§ Instructions to follow
Set down every entry again word for word, please, but skip the pictures.

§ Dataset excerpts
=-=-=

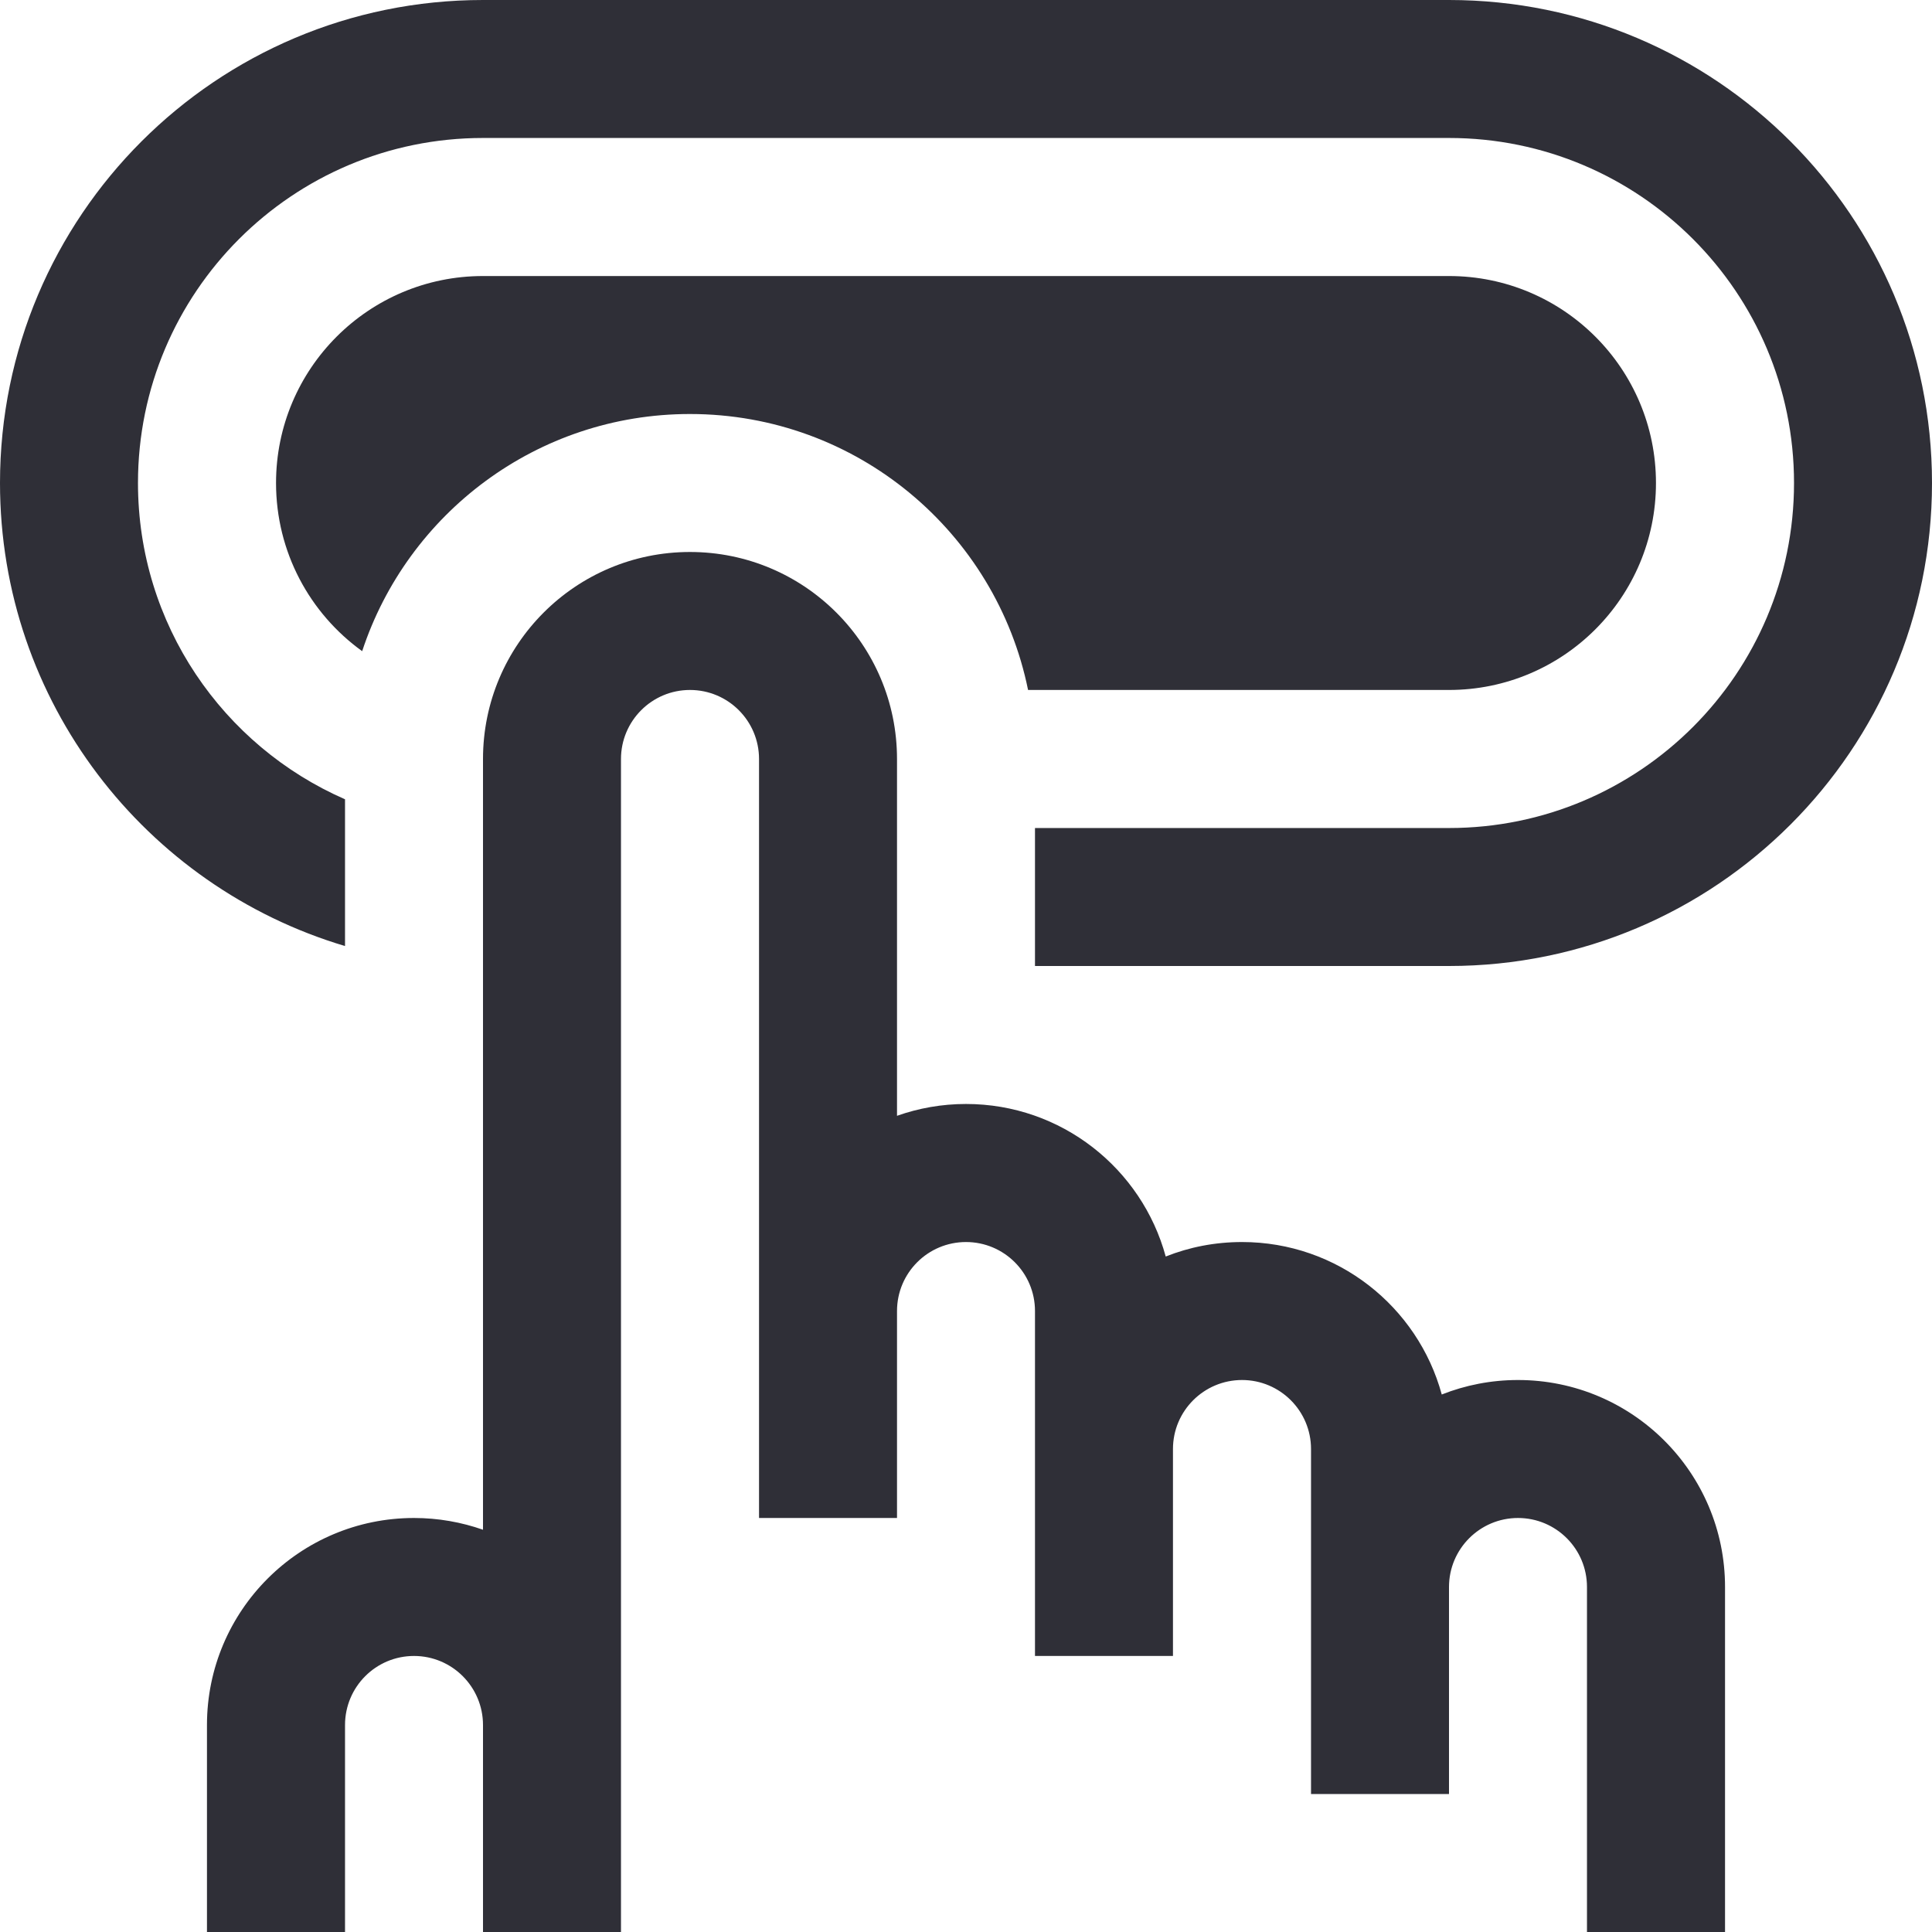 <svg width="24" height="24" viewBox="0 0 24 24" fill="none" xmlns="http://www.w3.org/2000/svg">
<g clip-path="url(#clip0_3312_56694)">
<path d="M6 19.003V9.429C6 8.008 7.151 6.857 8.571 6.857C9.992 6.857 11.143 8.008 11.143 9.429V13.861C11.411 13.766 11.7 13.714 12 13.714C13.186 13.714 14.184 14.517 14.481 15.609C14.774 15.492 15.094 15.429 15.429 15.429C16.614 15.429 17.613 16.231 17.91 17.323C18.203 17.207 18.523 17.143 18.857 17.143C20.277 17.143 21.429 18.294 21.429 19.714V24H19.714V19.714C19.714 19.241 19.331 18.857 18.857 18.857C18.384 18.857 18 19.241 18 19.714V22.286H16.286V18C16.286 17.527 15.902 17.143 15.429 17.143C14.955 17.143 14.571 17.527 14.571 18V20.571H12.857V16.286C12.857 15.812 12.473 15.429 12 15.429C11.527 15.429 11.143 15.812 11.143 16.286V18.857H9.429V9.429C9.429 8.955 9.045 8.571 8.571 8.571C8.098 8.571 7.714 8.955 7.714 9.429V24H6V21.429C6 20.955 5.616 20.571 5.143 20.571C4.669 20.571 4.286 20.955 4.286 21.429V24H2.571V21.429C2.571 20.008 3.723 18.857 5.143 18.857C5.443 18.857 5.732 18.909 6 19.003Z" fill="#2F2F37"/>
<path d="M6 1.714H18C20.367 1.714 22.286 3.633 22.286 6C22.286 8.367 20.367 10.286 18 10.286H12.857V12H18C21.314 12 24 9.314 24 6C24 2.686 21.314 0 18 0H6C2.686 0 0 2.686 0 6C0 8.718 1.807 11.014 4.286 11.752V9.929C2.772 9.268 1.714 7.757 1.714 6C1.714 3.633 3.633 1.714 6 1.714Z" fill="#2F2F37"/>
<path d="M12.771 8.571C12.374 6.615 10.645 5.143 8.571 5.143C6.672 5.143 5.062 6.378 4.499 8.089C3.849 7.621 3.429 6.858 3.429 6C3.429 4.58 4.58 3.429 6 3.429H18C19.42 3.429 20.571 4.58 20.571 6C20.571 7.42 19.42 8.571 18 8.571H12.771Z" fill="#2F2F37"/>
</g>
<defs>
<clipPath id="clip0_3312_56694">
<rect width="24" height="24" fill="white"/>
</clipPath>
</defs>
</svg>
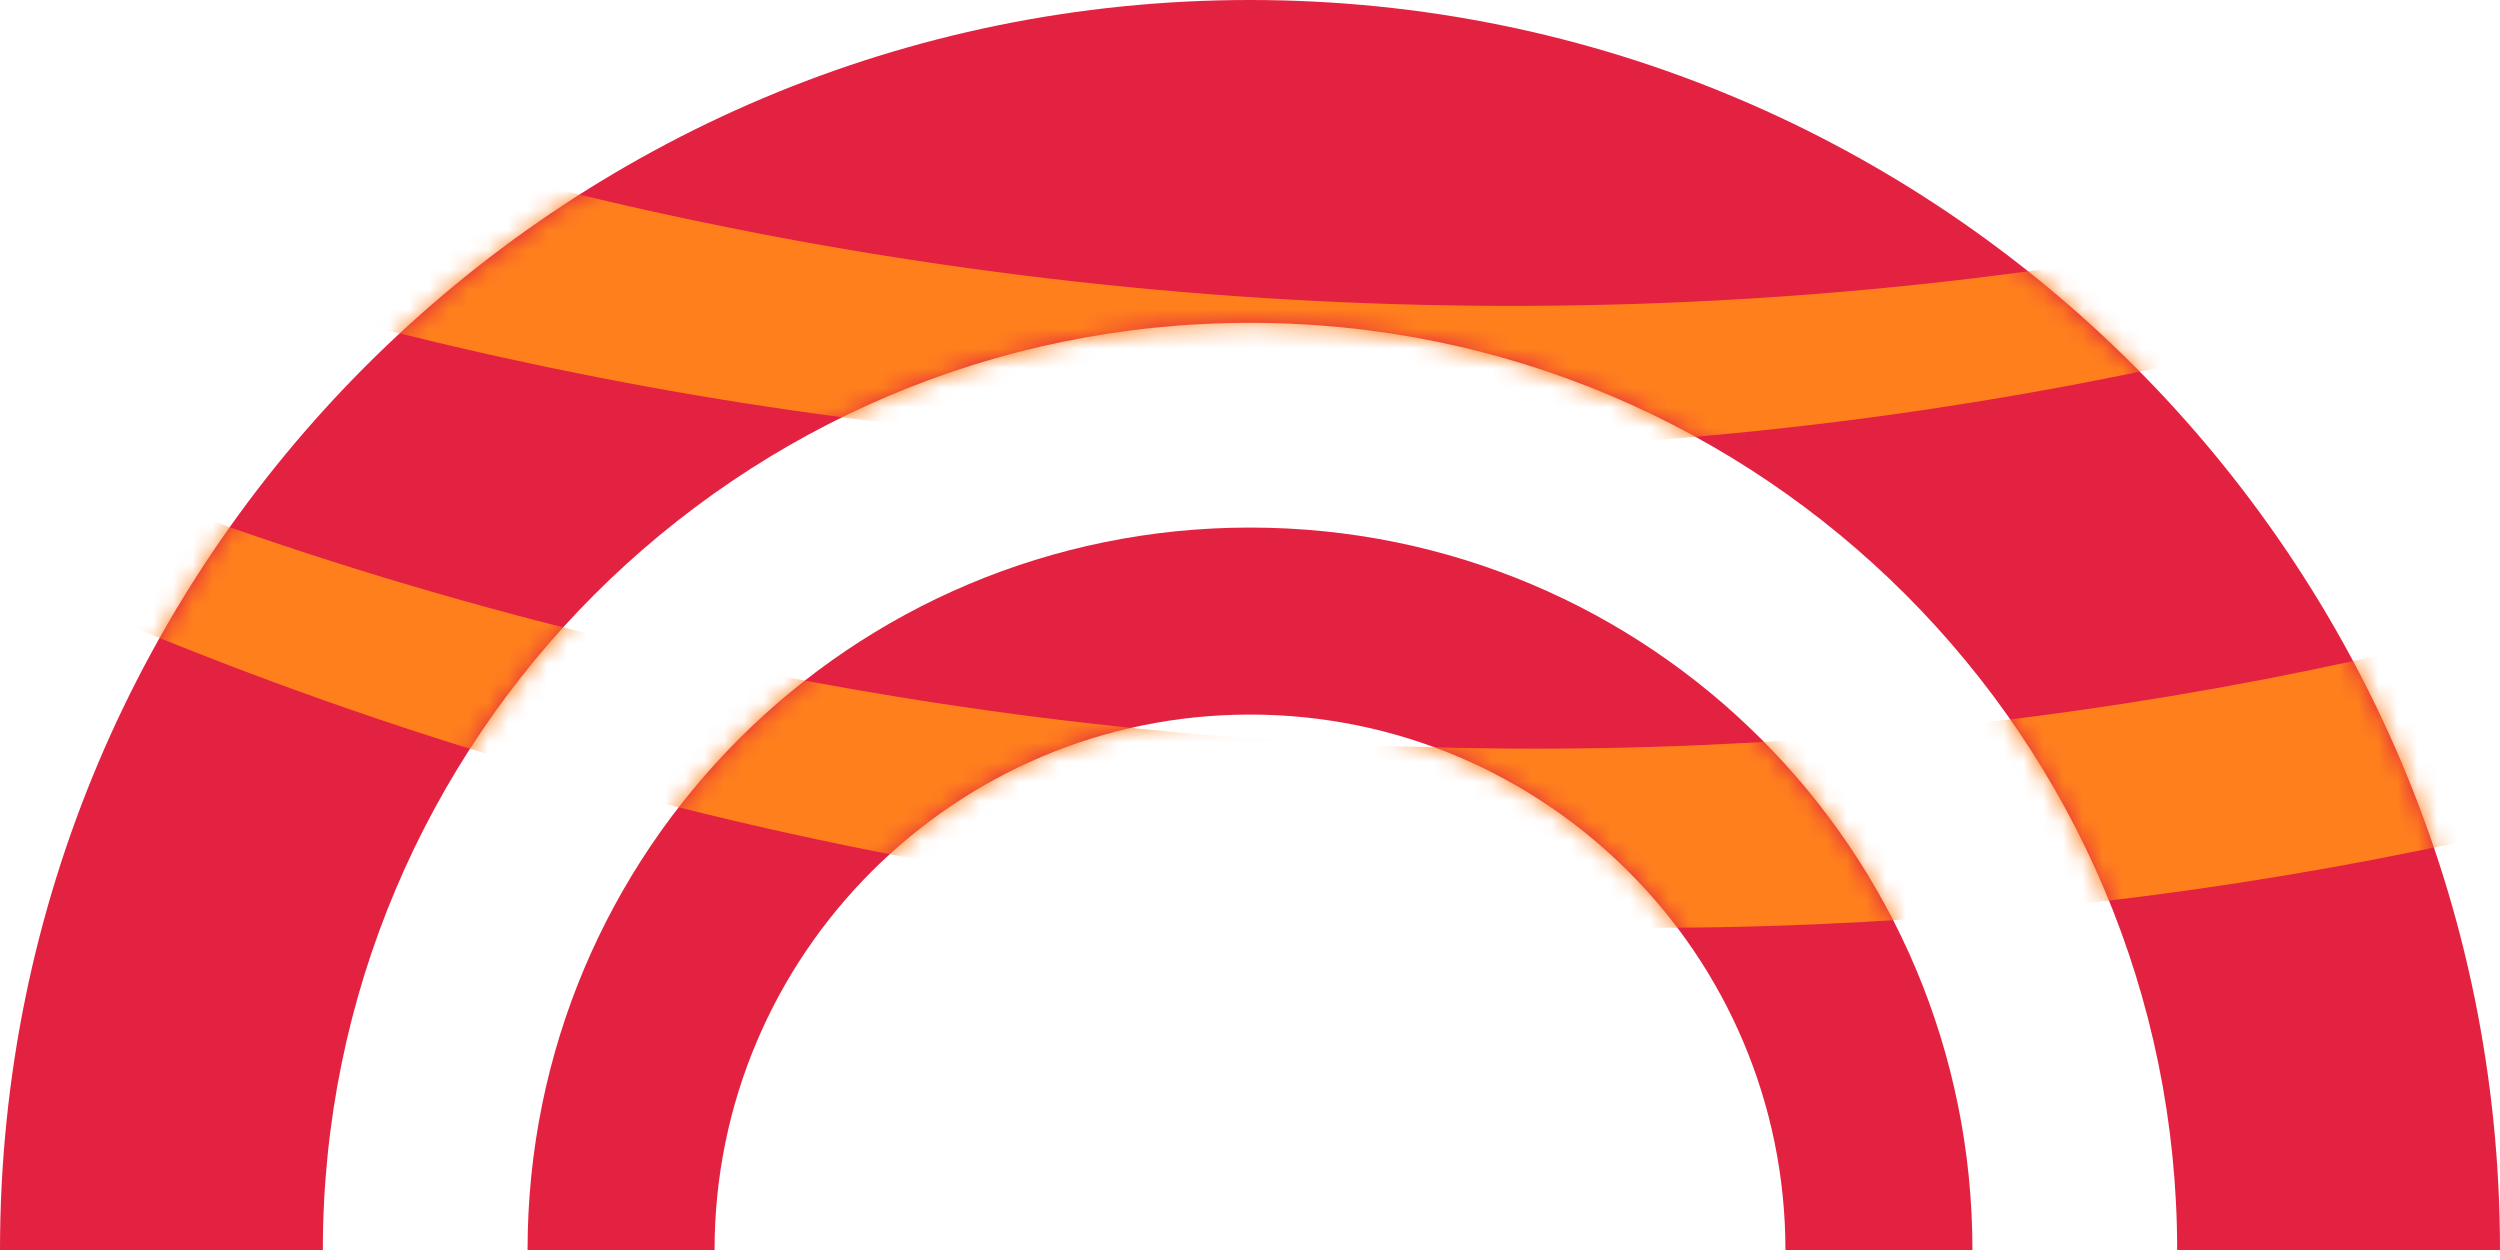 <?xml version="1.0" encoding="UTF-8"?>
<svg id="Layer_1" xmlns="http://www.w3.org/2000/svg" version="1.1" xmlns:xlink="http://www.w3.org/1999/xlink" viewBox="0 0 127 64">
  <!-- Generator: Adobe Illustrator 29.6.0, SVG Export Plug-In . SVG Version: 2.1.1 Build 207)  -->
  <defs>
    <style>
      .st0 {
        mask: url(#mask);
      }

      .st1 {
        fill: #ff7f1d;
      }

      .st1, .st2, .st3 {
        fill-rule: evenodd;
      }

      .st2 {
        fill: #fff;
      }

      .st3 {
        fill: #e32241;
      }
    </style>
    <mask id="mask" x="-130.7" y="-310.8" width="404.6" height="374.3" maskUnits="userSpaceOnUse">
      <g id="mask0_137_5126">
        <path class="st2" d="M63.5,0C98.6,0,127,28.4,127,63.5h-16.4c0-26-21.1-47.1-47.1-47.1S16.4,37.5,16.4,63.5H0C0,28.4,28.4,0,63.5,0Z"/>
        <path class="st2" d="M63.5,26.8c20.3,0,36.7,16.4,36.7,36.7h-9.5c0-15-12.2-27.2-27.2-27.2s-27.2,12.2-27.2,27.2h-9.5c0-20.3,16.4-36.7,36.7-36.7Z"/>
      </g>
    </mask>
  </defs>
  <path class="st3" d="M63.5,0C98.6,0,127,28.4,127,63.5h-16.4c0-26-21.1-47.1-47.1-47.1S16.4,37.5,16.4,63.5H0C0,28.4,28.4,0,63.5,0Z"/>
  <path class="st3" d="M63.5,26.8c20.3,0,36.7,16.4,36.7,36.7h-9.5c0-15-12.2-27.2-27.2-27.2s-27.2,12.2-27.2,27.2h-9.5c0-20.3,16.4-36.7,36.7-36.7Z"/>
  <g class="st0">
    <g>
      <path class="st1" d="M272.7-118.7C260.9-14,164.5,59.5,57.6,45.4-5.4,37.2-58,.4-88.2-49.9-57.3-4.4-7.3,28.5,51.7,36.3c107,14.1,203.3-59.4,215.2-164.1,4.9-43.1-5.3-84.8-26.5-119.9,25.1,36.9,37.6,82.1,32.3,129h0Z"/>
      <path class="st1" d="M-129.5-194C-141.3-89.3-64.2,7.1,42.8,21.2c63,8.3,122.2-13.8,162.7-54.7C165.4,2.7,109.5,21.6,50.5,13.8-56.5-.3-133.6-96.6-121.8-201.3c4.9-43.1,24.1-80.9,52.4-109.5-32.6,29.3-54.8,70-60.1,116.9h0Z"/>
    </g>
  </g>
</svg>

=-=-=

§ Response to the task
 <svg width="24" height="24" viewBox="0 0 24 24" fill="none" xmlns="http://www.w3.org/2000/svg">
<g clip-path="url(#clip0_3312_56694)">
<path d="M6 19.003V9.429C6 8.008 7.151 6.857 8.571 6.857C9.992 6.857 11.143 8.008 11.143 9.429V13.861C11.411 13.766 11.7 13.714 12 13.714C13.186 13.714 14.184 14.517 14.481 15.609C14.774 15.492 15.094 15.429 15.429 15.429C16.614 15.429 17.613 16.231 17.91 17.323C18.203 17.207 18.523 17.143 18.857 17.143C20.277 17.143 21.429 18.294 21.429 19.714V24H19.714V19.714C19.714 19.241 19.331 18.857 18.857 18.857C18.384 18.857 18 19.241 18 19.714V22.286H16.286V18C16.286 17.527 15.902 17.143 15.429 17.143C14.955 17.143 14.571 17.527 14.571 18V20.571H12.857V16.286C12.857 15.812 12.473 15.429 12 15.429C11.527 15.429 11.143 15.812 11.143 16.286V18.857H9.429V9.429C9.429 8.955 9.045 8.571 8.571 8.571C8.098 8.571 7.714 8.955 7.714 9.429V24H6V21.429C6 20.955 5.616 20.571 5.143 20.571C4.669 20.571 4.286 20.955 4.286 21.429V24H2.571V21.429C2.571 20.008 3.723 18.857 5.143 18.857C5.443 18.857 5.732 18.909 6 19.003Z" fill="#2F2F37"/>
<path d="M6 1.714H18C20.367 1.714 22.286 3.633 22.286 6C22.286 8.367 20.367 10.286 18 10.286H12.857V12H18C21.314 12 24 9.314 24 6C24 2.686 21.314 0 18 0H6C2.686 0 0 2.686 0 6C0 8.718 1.807 11.014 4.286 11.752V9.929C2.772 9.268 1.714 7.757 1.714 6C1.714 3.633 3.633 1.714 6 1.714Z" fill="#2F2F37"/>
<path d="M12.771 8.571C12.374 6.615 10.645 5.143 8.571 5.143C6.672 5.143 5.062 6.378 4.499 8.089C3.849 7.621 3.429 6.858 3.429 6C3.429 4.58 4.58 3.429 6 3.429H18C19.42 3.429 20.571 4.58 20.571 6C20.571 7.42 19.42 8.571 18 8.571H12.771Z" fill="#2F2F37"/>
</g>
<defs>
<clipPath id="clip0_3312_56694">
<rect width="24" height="24" fill="white"/>
</clipPath>
</defs>
</svg>
 <?xml version="1.0" encoding="UTF-8"?>
<svg id="Layer_1" xmlns="http://www.w3.org/2000/svg" version="1.1" xmlns:xlink="http://www.w3.org/1999/xlink" viewBox="0 0 127 64">
  <!-- Generator: Adobe Illustrator 29.6.0, SVG Export Plug-In . SVG Version: 2.1.1 Build 207)  -->
  <defs>
    <style>
      .st0 {
        mask: url(#mask);
      }

      .st1 {
        fill: #ff7f1d;
      }

      .st1, .st2, .st3 {
        fill-rule: evenodd;
      }

      .st2 {
        fill: #fff;
      }

      .st3 {
        fill: #e32241;
      }
    </style>
    <mask id="mask" x="-130.7" y="-310.8" width="404.6" height="374.3" maskUnits="userSpaceOnUse">
      <g id="mask0_137_5126">
        <path class="st2" d="M63.5,0C98.6,0,127,28.4,127,63.5h-16.4c0-26-21.1-47.1-47.1-47.1S16.4,37.5,16.4,63.5H0C0,28.4,28.4,0,63.5,0Z"/>
        <path class="st2" d="M63.5,26.8c20.3,0,36.7,16.4,36.7,36.7h-9.5c0-15-12.2-27.2-27.2-27.2s-27.2,12.2-27.2,27.2h-9.5c0-20.3,16.4-36.7,36.7-36.7Z"/>
      </g>
    </mask>
  </defs>
  <path class="st3" d="M63.5,0C98.6,0,127,28.4,127,63.5h-16.4c0-26-21.1-47.1-47.1-47.1S16.4,37.5,16.4,63.5H0C0,28.4,28.4,0,63.5,0Z"/>
  <path class="st3" d="M63.5,26.8c20.3,0,36.7,16.4,36.7,36.7h-9.5c0-15-12.2-27.2-27.2-27.2s-27.2,12.2-27.2,27.2h-9.5c0-20.3,16.4-36.7,36.7-36.7Z"/>
  <g class="st0">
    <g>
      <path class="st1" d="M272.7-118.7C260.9-14,164.5,59.5,57.6,45.4-5.4,37.2-58,.4-88.2-49.9-57.3-4.4-7.3,28.5,51.7,36.3c107,14.1,203.3-59.4,215.2-164.1,4.9-43.1-5.3-84.8-26.5-119.9,25.1,36.9,37.6,82.1,32.3,129h0Z"/>
      <path class="st1" d="M-129.5-194C-141.3-89.3-64.2,7.1,42.8,21.2c63,8.3,122.2-13.8,162.7-54.7C165.4,2.7,109.5,21.6,50.5,13.8-56.5-.3-133.6-96.6-121.8-201.3c4.9-43.1,24.1-80.9,52.4-109.5-32.6,29.3-54.8,70-60.1,116.9h0Z"/>
    </g>
  </g>
</svg>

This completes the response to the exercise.